System Number: 03966
Date: 25 October 1897
Author: Stéphane Mallarmé[1]
Place: Valvins
Recipient: JW
Place: [Paris]
Repository: Glasgow University Library
Call Number: MS Whistler M238
Document Type: ALS[2]
Valvins, près Fontainebleau
25 Octobre 1897
Mon cher Whistler
Voici, lue et traduite, cette évidente lettre[3]: jamais l'apologue ne se sera prêté à un emploi aussi heureux, que d'éclairer, lumineusement ou selon la mise au point parfaite, une affaire qui, déja, d'elle-même [p. 2] ne comporte aucun doute.
Je vous presse la main.
Stéphane Mallarmé
This document is protected by copyright.
Translation:
My dear Whistler
Here is this straightforward letter, read and translated: never shall the apologue have been put to use so well as in clarifying, brilliantly, or putting the finishing touches to an affair, which, already, in its own right [p. 2] carries not the shadow of a doubt.

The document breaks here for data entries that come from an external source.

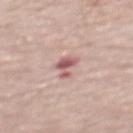Clinical impression: Part of a total-body skin-imaging series; this lesion was reviewed on a skin check and was not flagged for biopsy. Context: The lesion is on the back. A region of skin cropped from a whole-body photographic capture, roughly 15 mm wide. This is a white-light tile. A male patient aged around 70. The recorded lesion diameter is about 3 mm. An algorithmic analysis of the crop reported a border-irregularity index near 6/10 and a peripheral color-asymmetry measure near 1. And it measured an automated nevus-likeness rating near 0 out of 100 and a lesion-detection confidence of about 100/100.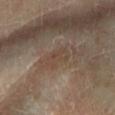Clinical impression:
Imaged during a routine full-body skin examination; the lesion was not biopsied and no histopathology is available.
Clinical summary:
The lesion is on the left lower leg. The lesion-visualizer software estimated a mean CIELAB color near L≈42 a*≈14 b*≈24 and roughly 5 lightness units darker than nearby skin. The software also gave a nevus-likeness score of about 0/100. A close-up tile cropped from a whole-body skin photograph, about 15 mm across. Approximately 3.5 mm at its widest. The tile uses cross-polarized illumination. A male subject, aged 68–72.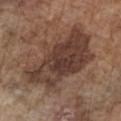Q: Was a biopsy performed?
A: catalogued during a skin exam; not biopsied
Q: How was this image acquired?
A: 15 mm crop, total-body photography
Q: Where on the body is the lesion?
A: the chest
Q: What lighting was used for the tile?
A: white-light illumination
Q: Who is the patient?
A: male, aged around 75
Q: How large is the lesion?
A: ~9.5 mm (longest diameter)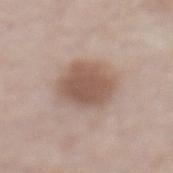This is a white-light tile.
A 15 mm close-up tile from a total-body photography series done for melanoma screening.
The lesion is located on the abdomen.
Automated image analysis of the tile measured a lesion color around L≈54 a*≈17 b*≈25 in CIELAB, a lesion–skin lightness drop of about 12, and a normalized lesion–skin contrast near 8.
The subject is a male about 55 years old.
About 5 mm across.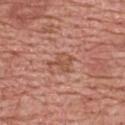{"biopsy_status": "not biopsied; imaged during a skin examination", "lesion_size": {"long_diameter_mm_approx": 3.0}, "automated_metrics": {"color_variation_0_10": 2.5, "peripheral_color_asymmetry": 1.0}, "patient": {"sex": "male", "age_approx": 60}, "image": {"source": "total-body photography crop", "field_of_view_mm": 15}, "lighting": "white-light", "site": "upper back"}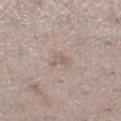Clinical impression: Captured during whole-body skin photography for melanoma surveillance; the lesion was not biopsied. Image and clinical context: Captured under white-light illumination. A 15 mm close-up extracted from a 3D total-body photography capture. From the left lower leg. The total-body-photography lesion software estimated an eccentricity of roughly 0.8 and two-axis asymmetry of about 0.5. And it measured a mean CIELAB color near L≈59 a*≈13 b*≈23, about 6 CIELAB-L* units darker than the surrounding skin, and a normalized lesion–skin contrast near 4.5. The analysis additionally found a border-irregularity rating of about 5/10 and internal color variation of about 1.5 on a 0–10 scale. And it measured a detector confidence of about 85 out of 100 that the crop contains a lesion. A female subject aged 38 to 42.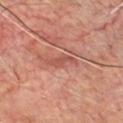The lesion was tiled from a total-body skin photograph and was not biopsied.
A male patient aged 58–62.
The lesion is located on the front of the torso.
A region of skin cropped from a whole-body photographic capture, roughly 15 mm wide.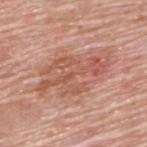Imaged during a routine full-body skin examination; the lesion was not biopsied and no histopathology is available.
The lesion is located on the upper back.
Imaged with white-light lighting.
A roughly 15 mm field-of-view crop from a total-body skin photograph.
Longest diameter approximately 8 mm.
A male patient, aged 78–82.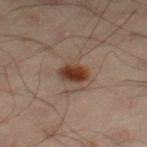Assessment: The lesion was photographed on a routine skin check and not biopsied; there is no pathology result. Image and clinical context: The lesion is on the left leg. A 15 mm close-up extracted from a 3D total-body photography capture. The total-body-photography lesion software estimated a footprint of about 6 mm² and an outline eccentricity of about 0.6 (0 = round, 1 = elongated). A male subject approximately 50 years of age. This is a cross-polarized tile.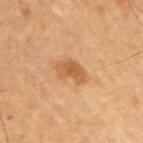  biopsy_status: not biopsied; imaged during a skin examination
  automated_metrics:
    area_mm2_approx: 6.0
    eccentricity: 0.8
    shape_asymmetry: 0.3
    cielab_L: 56
    cielab_a: 23
    cielab_b: 40
    border_irregularity_0_10: 3.5
    color_variation_0_10: 2.5
    peripheral_color_asymmetry: 0.5
    nevus_likeness_0_100: 75
    lesion_detection_confidence_0_100: 100
  image:
    source: total-body photography crop
    field_of_view_mm: 15
  site: right upper arm
  lesion_size:
    long_diameter_mm_approx: 4.0
  patient:
    sex: male
    age_approx: 60
  lighting: cross-polarized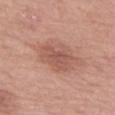This image is a 15 mm lesion crop taken from a total-body photograph. On the right forearm. The lesion-visualizer software estimated a mean CIELAB color near L≈55 a*≈23 b*≈27, a lesion–skin lightness drop of about 9, and a normalized lesion–skin contrast near 6. The software also gave a peripheral color-asymmetry measure near 1. The analysis additionally found a nevus-likeness score of about 30/100 and a lesion-detection confidence of about 100/100. Imaged with white-light lighting. A female patient aged 63 to 67. Measured at roughly 4.5 mm in maximum diameter.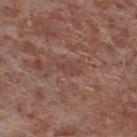Assessment: Part of a total-body skin-imaging series; this lesion was reviewed on a skin check and was not flagged for biopsy. Context: A male subject, approximately 55 years of age. Cropped from a total-body skin-imaging series; the visible field is about 15 mm. Located on the leg.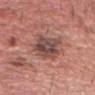Clinical impression:
Imaged during a routine full-body skin examination; the lesion was not biopsied and no histopathology is available.
Context:
An algorithmic analysis of the crop reported border irregularity of about 3.5 on a 0–10 scale, a within-lesion color-variation index near 7/10, and radial color variation of about 2. It also reported an automated nevus-likeness rating near 0 out of 100. Captured under white-light illumination. The patient is a male aged 68–72. A 15 mm close-up extracted from a 3D total-body photography capture. Located on the head or neck. The lesion's longest dimension is about 5.5 mm.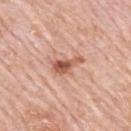{
  "biopsy_status": "not biopsied; imaged during a skin examination",
  "site": "mid back",
  "image": {
    "source": "total-body photography crop",
    "field_of_view_mm": 15
  },
  "patient": {
    "sex": "male",
    "age_approx": 80
  }
}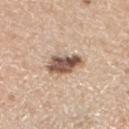  biopsy_status: not biopsied; imaged during a skin examination
  image:
    source: total-body photography crop
    field_of_view_mm: 15
  patient:
    sex: female
    age_approx: 70
  site: left lower leg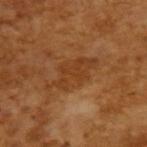Q: Was this lesion biopsied?
A: catalogued during a skin exam; not biopsied
Q: Patient demographics?
A: male, aged around 65
Q: What kind of image is this?
A: 15 mm crop, total-body photography
Q: Lesion size?
A: ≈6 mm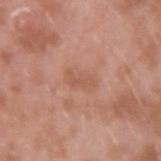Imaged during a routine full-body skin examination; the lesion was not biopsied and no histopathology is available.
A male subject approximately 40 years of age.
A 15 mm crop from a total-body photograph taken for skin-cancer surveillance.
Located on the left forearm.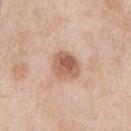This lesion was catalogued during total-body skin photography and was not selected for biopsy.
The tile uses white-light illumination.
Longest diameter approximately 3.5 mm.
Located on the left upper arm.
The subject is a male in their mid-50s.
A lesion tile, about 15 mm wide, cut from a 3D total-body photograph.
Automated image analysis of the tile measured a lesion area of about 8.5 mm² and an eccentricity of roughly 0.4. The software also gave a mean CIELAB color near L≈59 a*≈21 b*≈31 and roughly 13 lightness units darker than nearby skin.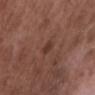Q: Was a biopsy performed?
A: total-body-photography surveillance lesion; no biopsy
Q: What are the patient's age and sex?
A: male, aged around 50
Q: Where on the body is the lesion?
A: the chest
Q: What is the imaging modality?
A: ~15 mm crop, total-body skin-cancer survey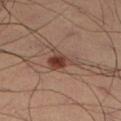No biopsy was performed on this lesion — it was imaged during a full skin examination and was not determined to be concerning.
Measured at roughly 4 mm in maximum diameter.
Captured under cross-polarized illumination.
A male subject, roughly 40 years of age.
From the right lower leg.
Cropped from a total-body skin-imaging series; the visible field is about 15 mm.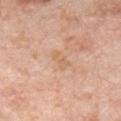Assessment:
Recorded during total-body skin imaging; not selected for excision or biopsy.
Context:
The lesion is on the front of the torso. A male patient roughly 60 years of age. A lesion tile, about 15 mm wide, cut from a 3D total-body photograph. Measured at roughly 2.5 mm in maximum diameter. This is a white-light tile.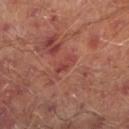Clinical impression: Captured during whole-body skin photography for melanoma surveillance; the lesion was not biopsied. Context: Imaged with cross-polarized lighting. Automated tile analysis of the lesion measured a lesion area of about 3 mm², a shape eccentricity near 0.9, and two-axis asymmetry of about 0.35. It also reported an average lesion color of about L≈42 a*≈29 b*≈25 (CIELAB) and a normalized lesion–skin contrast near 5.5. The software also gave a border-irregularity rating of about 4/10, a within-lesion color-variation index near 0/10, and peripheral color asymmetry of about 0. The software also gave a nevus-likeness score of about 0/100 and a detector confidence of about 100 out of 100 that the crop contains a lesion. Located on the left lower leg. Cropped from a total-body skin-imaging series; the visible field is about 15 mm. A male subject, in their mid- to late 60s. About 3 mm across.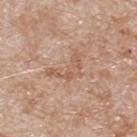notes: no biopsy performed (imaged during a skin exam); subject: male, aged 78–82; image source: total-body-photography crop, ~15 mm field of view; site: the back.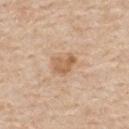Part of a total-body skin-imaging series; this lesion was reviewed on a skin check and was not flagged for biopsy. The total-body-photography lesion software estimated a mean CIELAB color near L≈60 a*≈19 b*≈35. It also reported a border-irregularity index near 3/10, internal color variation of about 2 on a 0–10 scale, and a peripheral color-asymmetry measure near 0.5. The software also gave a classifier nevus-likeness of about 15/100 and a lesion-detection confidence of about 100/100. A 15 mm crop from a total-body photograph taken for skin-cancer surveillance. This is a white-light tile. From the mid back. Longest diameter approximately 3 mm. A male patient aged 53 to 57.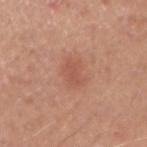biopsy status — imaged on a skin check; not biopsied
site — the right upper arm
image source — 15 mm crop, total-body photography
lesion size — ≈3 mm
TBP lesion metrics — an area of roughly 3.5 mm², a shape eccentricity near 0.85, and two-axis asymmetry of about 0.3; a border-irregularity index near 3.5/10, a within-lesion color-variation index near 1/10, and a peripheral color-asymmetry measure near 0.5; an automated nevus-likeness rating near 65 out of 100 and a lesion-detection confidence of about 100/100
subject — male, aged around 40
illumination — white-light illumination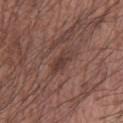Recorded during total-body skin imaging; not selected for excision or biopsy. A lesion tile, about 15 mm wide, cut from a 3D total-body photograph. Captured under white-light illumination. The lesion is located on the left forearm. The total-body-photography lesion software estimated a lesion area of about 4 mm², a shape eccentricity near 0.9, and a symmetry-axis asymmetry near 0.3. And it measured border irregularity of about 3.5 on a 0–10 scale and radial color variation of about 1. The analysis additionally found a classifier nevus-likeness of about 5/100. The lesion's longest dimension is about 3.5 mm. The subject is a male aged approximately 65.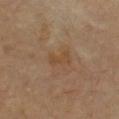follow-up = catalogued during a skin exam; not biopsied.

Warmest greetings [lit. I shake your hand.]
Stéphane Mallarmé
Notes:
1. Stéphane Mallarmé
Stéphane Mallarmé (1842-1898), Symbolist writer and poet [more].
2. ALS
Published by Barbier, Carl P., ed., Correspondance Mallarmé-Whistler: Histoire de la grande amitié de leurs dernières années, Paris, 1964 [GM, A.28], no. CLI, p. 267.
3. cette évidente lettre
A letter sent by JW in March 1895 to the Editor of the Pall Mall Gazette. During the hearing of JW's appeal in the case of Eden v. Whistler, on 18 November 1897, Beurdeley read extensively from the text.